Expenditures= − 3785000 + 235.1∗RVUs
The model explained 84.96% variance in Expenditures (Adjusted R2).
plot(x = univariate_reg)
Linearity - Expenditures and RVUs have a somewhat linear relationship Independent observations - There isn’t a way to tell from the dataset if the observations are independent. There could be a factor in the sampling (such as location or funding) that affect response rate. Normal residuals - There are outliers, but as a whole as shown above, the linear regression is somewhat normal. Constant variability / Homoskedasticity - There is some Homoskedasticity - in the residuals vs the fitted plot, most the observations are clustered around the bottom left.

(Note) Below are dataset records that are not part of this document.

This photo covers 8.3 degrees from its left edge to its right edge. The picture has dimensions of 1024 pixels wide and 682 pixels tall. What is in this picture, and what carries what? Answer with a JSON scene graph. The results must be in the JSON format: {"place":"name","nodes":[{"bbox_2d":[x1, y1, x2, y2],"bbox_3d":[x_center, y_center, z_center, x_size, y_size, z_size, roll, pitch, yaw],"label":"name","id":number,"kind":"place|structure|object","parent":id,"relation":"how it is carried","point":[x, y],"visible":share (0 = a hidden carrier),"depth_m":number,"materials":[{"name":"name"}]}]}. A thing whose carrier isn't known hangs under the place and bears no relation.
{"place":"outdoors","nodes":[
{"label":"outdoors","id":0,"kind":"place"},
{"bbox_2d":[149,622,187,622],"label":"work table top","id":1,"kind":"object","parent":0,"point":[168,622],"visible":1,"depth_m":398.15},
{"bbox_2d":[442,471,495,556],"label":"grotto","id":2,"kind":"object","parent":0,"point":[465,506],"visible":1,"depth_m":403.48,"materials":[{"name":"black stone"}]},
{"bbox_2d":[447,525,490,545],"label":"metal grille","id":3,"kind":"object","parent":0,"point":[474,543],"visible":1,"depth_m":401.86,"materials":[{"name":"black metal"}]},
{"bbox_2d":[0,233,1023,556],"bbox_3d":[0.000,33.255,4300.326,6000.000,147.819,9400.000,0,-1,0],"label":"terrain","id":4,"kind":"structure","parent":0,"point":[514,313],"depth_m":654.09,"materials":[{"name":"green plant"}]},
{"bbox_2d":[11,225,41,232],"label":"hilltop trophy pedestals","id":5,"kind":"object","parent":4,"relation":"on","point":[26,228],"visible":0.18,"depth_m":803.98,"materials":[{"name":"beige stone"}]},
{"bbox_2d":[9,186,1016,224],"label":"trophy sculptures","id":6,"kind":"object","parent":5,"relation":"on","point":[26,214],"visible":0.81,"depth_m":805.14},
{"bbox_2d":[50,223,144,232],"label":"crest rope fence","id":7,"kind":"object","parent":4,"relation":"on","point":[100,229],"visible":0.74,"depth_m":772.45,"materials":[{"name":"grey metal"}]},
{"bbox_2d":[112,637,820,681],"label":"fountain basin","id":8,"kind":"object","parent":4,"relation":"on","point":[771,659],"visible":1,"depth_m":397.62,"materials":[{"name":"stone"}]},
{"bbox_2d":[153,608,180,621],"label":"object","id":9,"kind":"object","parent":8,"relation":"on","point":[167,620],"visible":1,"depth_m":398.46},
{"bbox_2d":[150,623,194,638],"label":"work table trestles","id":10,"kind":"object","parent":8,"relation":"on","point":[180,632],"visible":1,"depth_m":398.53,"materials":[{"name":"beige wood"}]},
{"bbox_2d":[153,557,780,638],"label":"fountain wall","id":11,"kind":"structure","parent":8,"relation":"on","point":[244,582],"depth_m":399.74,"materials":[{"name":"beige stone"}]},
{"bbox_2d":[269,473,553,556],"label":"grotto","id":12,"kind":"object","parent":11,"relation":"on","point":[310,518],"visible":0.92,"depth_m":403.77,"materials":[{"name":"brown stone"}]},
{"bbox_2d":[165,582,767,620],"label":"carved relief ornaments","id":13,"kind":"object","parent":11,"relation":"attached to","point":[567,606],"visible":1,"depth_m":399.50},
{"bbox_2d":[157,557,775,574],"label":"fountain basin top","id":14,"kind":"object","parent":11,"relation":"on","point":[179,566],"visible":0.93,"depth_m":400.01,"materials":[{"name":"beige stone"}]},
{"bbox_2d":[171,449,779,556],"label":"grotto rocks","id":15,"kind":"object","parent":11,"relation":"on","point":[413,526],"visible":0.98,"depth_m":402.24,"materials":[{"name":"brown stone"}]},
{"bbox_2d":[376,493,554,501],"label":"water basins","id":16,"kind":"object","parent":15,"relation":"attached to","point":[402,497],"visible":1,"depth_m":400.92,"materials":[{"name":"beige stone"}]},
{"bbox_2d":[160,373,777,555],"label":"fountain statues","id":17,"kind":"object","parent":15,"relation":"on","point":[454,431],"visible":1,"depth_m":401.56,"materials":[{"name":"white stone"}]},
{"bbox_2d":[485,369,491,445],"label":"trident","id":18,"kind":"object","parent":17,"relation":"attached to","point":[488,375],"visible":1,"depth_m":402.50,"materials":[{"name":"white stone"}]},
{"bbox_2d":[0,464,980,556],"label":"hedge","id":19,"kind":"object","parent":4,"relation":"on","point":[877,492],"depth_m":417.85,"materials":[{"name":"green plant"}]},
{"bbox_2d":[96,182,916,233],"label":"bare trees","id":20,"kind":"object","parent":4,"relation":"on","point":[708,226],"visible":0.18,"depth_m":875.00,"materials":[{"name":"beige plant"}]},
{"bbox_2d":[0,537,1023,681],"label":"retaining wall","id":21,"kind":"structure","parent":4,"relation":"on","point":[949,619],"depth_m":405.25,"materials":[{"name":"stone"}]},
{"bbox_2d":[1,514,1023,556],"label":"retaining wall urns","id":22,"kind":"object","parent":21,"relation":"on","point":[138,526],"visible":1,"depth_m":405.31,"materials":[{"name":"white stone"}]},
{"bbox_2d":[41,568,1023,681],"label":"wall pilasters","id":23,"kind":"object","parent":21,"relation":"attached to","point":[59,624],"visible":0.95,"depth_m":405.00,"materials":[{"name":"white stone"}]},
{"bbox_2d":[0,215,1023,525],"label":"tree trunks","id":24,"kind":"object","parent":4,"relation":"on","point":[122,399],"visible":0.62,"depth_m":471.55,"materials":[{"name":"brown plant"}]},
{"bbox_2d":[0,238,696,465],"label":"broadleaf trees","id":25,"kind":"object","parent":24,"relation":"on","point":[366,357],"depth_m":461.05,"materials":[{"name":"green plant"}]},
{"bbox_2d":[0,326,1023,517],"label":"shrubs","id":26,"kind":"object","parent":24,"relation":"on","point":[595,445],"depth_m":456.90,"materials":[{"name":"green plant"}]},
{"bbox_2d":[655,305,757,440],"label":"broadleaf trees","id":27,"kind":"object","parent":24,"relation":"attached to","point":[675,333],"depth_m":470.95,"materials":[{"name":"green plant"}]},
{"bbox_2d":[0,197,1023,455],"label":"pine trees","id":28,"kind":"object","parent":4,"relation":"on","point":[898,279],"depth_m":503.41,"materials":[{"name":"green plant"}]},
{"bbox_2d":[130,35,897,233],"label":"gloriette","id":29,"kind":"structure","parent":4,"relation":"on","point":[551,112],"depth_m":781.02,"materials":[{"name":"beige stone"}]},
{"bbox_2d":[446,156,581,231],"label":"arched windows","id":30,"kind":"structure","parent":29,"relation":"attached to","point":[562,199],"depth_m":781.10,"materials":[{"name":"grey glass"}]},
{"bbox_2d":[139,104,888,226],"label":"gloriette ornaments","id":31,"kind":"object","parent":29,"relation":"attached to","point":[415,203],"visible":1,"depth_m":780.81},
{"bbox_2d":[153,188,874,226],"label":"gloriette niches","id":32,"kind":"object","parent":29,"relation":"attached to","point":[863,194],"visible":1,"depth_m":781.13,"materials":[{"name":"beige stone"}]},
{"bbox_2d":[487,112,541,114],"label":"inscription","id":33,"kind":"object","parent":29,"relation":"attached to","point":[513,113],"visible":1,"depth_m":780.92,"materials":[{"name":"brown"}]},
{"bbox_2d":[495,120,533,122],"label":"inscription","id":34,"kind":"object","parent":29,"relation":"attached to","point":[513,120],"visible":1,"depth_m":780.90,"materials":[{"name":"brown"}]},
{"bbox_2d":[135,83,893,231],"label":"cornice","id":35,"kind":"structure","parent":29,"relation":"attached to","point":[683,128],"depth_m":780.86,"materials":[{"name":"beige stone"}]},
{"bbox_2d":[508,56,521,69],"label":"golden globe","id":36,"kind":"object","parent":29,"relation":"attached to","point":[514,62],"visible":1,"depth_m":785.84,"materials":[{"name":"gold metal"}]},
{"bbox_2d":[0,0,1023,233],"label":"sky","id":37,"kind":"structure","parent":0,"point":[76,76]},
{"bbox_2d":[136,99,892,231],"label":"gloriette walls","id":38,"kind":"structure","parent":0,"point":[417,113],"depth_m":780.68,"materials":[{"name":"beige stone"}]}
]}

Because of the above the assumptions are not held for Expenditures ~ RVUs
hist(x = log(df$Expenditures),xlab = "", main = "Log Hospital Expenditure" )

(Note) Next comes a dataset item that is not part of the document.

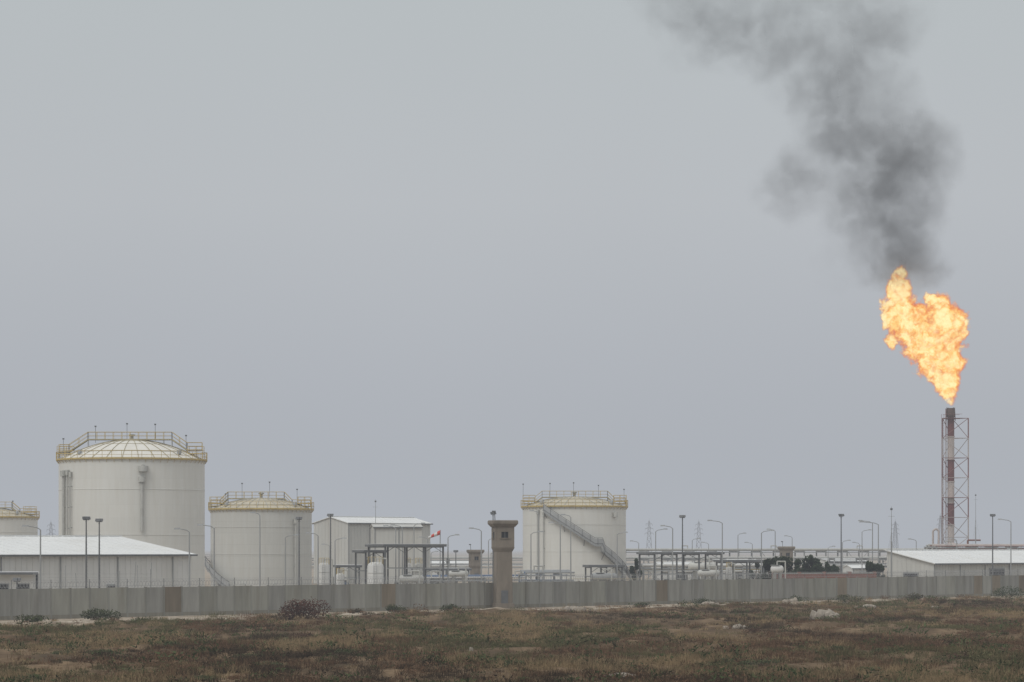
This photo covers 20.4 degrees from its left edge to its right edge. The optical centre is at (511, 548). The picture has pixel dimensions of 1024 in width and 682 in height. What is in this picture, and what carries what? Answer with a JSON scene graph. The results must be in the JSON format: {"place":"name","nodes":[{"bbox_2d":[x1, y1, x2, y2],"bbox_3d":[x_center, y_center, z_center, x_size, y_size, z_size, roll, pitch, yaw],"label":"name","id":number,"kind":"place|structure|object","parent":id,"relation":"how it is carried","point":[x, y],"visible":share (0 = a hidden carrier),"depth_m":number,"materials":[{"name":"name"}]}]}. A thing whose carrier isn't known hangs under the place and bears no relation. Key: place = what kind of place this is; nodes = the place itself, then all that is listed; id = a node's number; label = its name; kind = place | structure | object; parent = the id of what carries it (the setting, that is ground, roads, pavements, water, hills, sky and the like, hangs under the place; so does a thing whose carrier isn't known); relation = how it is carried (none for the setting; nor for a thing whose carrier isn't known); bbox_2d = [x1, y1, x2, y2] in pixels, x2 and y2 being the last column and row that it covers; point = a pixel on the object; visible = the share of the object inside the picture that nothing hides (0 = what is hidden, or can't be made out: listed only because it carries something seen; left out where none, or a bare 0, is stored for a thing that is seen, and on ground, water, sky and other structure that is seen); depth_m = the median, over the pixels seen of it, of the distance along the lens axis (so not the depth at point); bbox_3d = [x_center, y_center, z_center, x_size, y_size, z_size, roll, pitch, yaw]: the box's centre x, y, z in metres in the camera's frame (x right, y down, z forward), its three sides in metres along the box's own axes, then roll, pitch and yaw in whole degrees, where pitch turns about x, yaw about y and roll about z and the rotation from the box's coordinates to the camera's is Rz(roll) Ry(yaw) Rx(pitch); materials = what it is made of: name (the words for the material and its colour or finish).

hist(x = log(df$RVUs), xlab = "", main = "Log Standard Outpatient Workload (RVU)")
plot(x = df$RVUs, y = log (df$Expenditures) , xlab = "RVUs", ylab = "Log of Expenditures")
univariate_reg_transformedY = lm( formula = log(df$Expenditures) ~ df$RVUs)
abline(reg = univariate_reg_transformedY, col="blue")
summary(univariate_reg_transformedY)
##
## Call:
## lm(formula = log(df$Expenditures) ~ df$RVUs)
##
## Residuals:
## Min 1Q Median 3Q Max
## -1.59439 -0.29504 0.06135 0.35333 1.20871
##
## Coefficients:
## Estimate Std. Error t value Pr(>|t|)
## (Intercept) 17.29584389074 0.03325414655 520.11 <0.0000000000000002 ***
## df$RVUs 0.00000134911 0.00000003814 35.38 <0.0000000000000002 ***
## ---
## Signif. codes: 0 '***' 0.001 '**' 0.01 '*' 0.05 '.' 0.1 ' ' 1
##
## Residual standard error: 0.5076 on 382 degrees of freedom
## Multiple R-squared: 0.7661, Adjusted R-squared: 0.7655
## F-statistic: 1251 on 1 and 382 DF, p-value: < 0.00000000000000022
plot(univariate_reg_transformedY)
Linearity - This assumption is violated by the transformations - the observations fit more to a curve. Independent observations - There isn’t a way to tell from the dataset if the observations are independent. There could be a factor in the sampling (such as location or funding) that affect response rate. Normal residuals - There are less outliers. Constant variability / Homoskedasticity - The Homoskedasticity is a bit improved, but still not constant.
There were some improvement with the transformation, but also some assumptions (linearity) are not better met. If I was going to use this analysis on whether on not invest in expansion plans, I would probably use the other transformations to further limit outliers and Homoskedasticity.